Task details: Without the pictures, print each of the records below exactly as it appears.

Data extract:

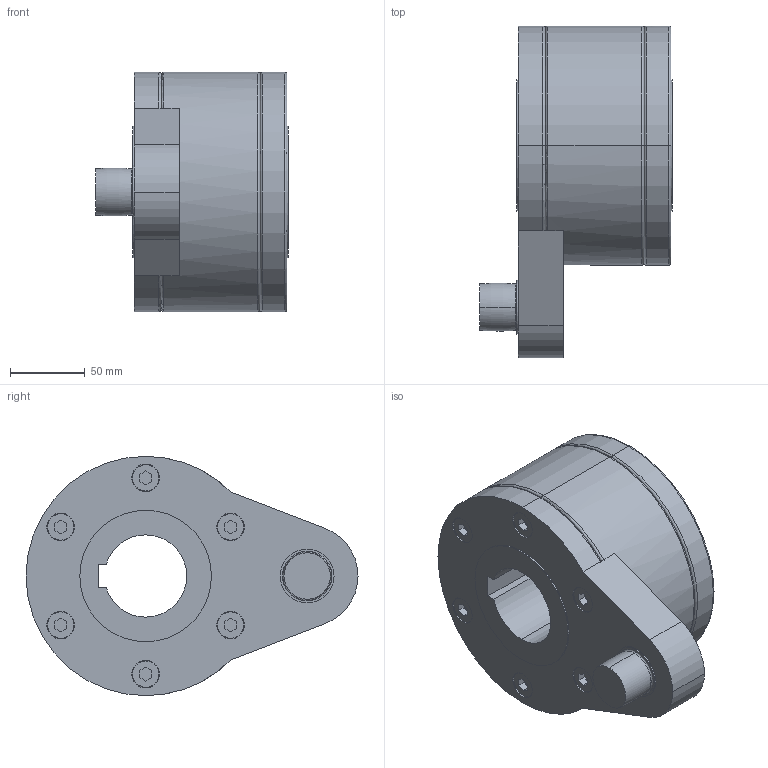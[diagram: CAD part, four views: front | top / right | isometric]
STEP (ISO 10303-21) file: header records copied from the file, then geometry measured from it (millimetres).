
FILE_DESCRIPTION(('STEP AP214'),'1');
FILE_NAME('gl_55_f5-d2.stp','2019-09-14T11:42:55',('TraceParts'),('TraceParts S.A.'),'Spatial InterOp 3D',' ',' ');
FILE_SCHEMA(('AUTOMOTIVE_DESIGN { 1 0 10303 214 1 1 1 1 }'));
Length unit declared in the file: millimetre
Products named in the file (1): gl_55_f5-d2
Bounding box: 129 x 222 x 160 mm (x, y, z)
Volume: 1963208.6 mm3; surface area: 139165.9 mm2
Topology: 1 solids, 1 shells, 246 faces, 607 edges, 404 vertices
Faces by surface type: plane 127, cylinder 75, torus 40, cone 4
Entity records: 7478 total; most frequent: DIRECTION 1377, CARTESIAN_POINT 1325, ORIENTED_EDGE 1214, EDGE_CURVE 607, AXIS2_PLACEMENT_3D 526, VERTEX_POINT 404, LINE 325, VECTOR 325

Solved problem:
[diagram: CAD part, four views: front | top / right | isometric]
STEP (ISO 10303-21) file: header records copied from the file, then geometry measured from it (millimetres).
FILE_DESCRIPTION(('STEP AP214'),'1');
FILE_NAME('gl_55_f5-d2.stp','2019-09-14T11:42:55',('TraceParts'),('TraceParts S.A.'),'Spatial InterOp 3D',' ',' ');
FILE_SCHEMA(('AUTOMOTIVE_DESIGN { 1 0 10303 214 1 1 1 1 }'));
Length unit declared in the file: millimetre
Products named in the file (1): gl_55_f5-d2
Bounding box: 129 x 222 x 160 mm (x, y, z)
Volume: 1963208.6 mm3; surface area: 139165.9 mm2
Topology: 1 solids, 1 shells, 246 faces, 607 edges, 404 vertices
Faces by surface type: plane 127, cylinder 75, torus 40, cone 4
Entity records: 7478 total; most frequent: DIRECTION 1377, CARTESIAN_POINT 1325, ORIENTED_EDGE 1214, EDGE_CURVE 607, AXIS2_PLACEMENT_3D 526, VERTEX_POINT 404, LINE 325, VECTOR 325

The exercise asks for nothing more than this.